Orto Botanico di Padova
Orto Botanico di Padova Cronologia Storica
Ultimo aggiornamento il 6 settembre 2026Origini
La Repubblica di Venezia autorizzò l'orto nel 1545 per lo studio dei semplici, le piante medicinali, perché gli studenti di medicina venivano istruiti sui libri e su esemplari essiccati, e scambiare una pianta per un'altra nella pratica poteva uccidere qualcuno. Nacque come strumento didattico, non come ornamento.
Punti di svolta
Nel 1552 fu eretto un muro circolare, per la ragione poco romantica che le piante rare e preziose venivano rubate. Quel muro di cinta è oggi parte di ciò che rende leggibile l'impianto cinquecentesco originario.
Personaggi influenti
Goethe lo visitò nel 1786 e vide una palma piantata nel 1585, che citò più tardi ne La metamorfosi delle piante (1790) mentre elaborava l'idea che tutte le forme vegetali siano variazioni di un unico archetipo.
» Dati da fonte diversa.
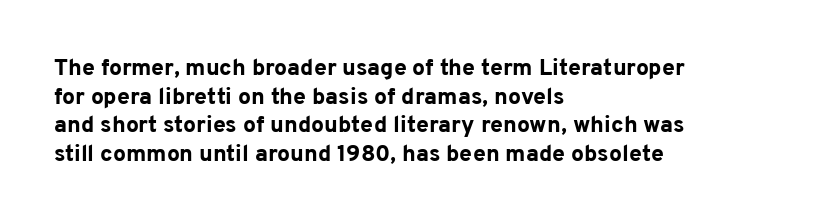
Q: Is the text bold? A: Yes.
Q: Is the text italic (slanted)? A: No, it is upright.
Q: Is the text underlined? A: No.
Q: How is the paragraph aligned? A: Left-aligned.
Q: Is the spacing between letters normal or unusually wide? A: Normal.

La palma è ancora viva, sotto una propria serra, ed è tuttora nota come la palma di Goethe.
Evoluzione culturale
L'orto divenne un canale d'ingresso in Europa per piante provenienti da altrove -- lillà, girasole e patata figurano tra le prime introduzioni documentate qui -- il che ne fa un documento di scambio botanico oltre che una collezione.
Significato attuale
Appartiene tuttora all'Università di Padova ed è ancora impiegato per la didattica e la ricerca. Il Giardino della Biodiversità, complesso di serre inaugurato nel 2014, ha aggiunto cinque zone climatiche al coperto senza toccare il cerchio storico.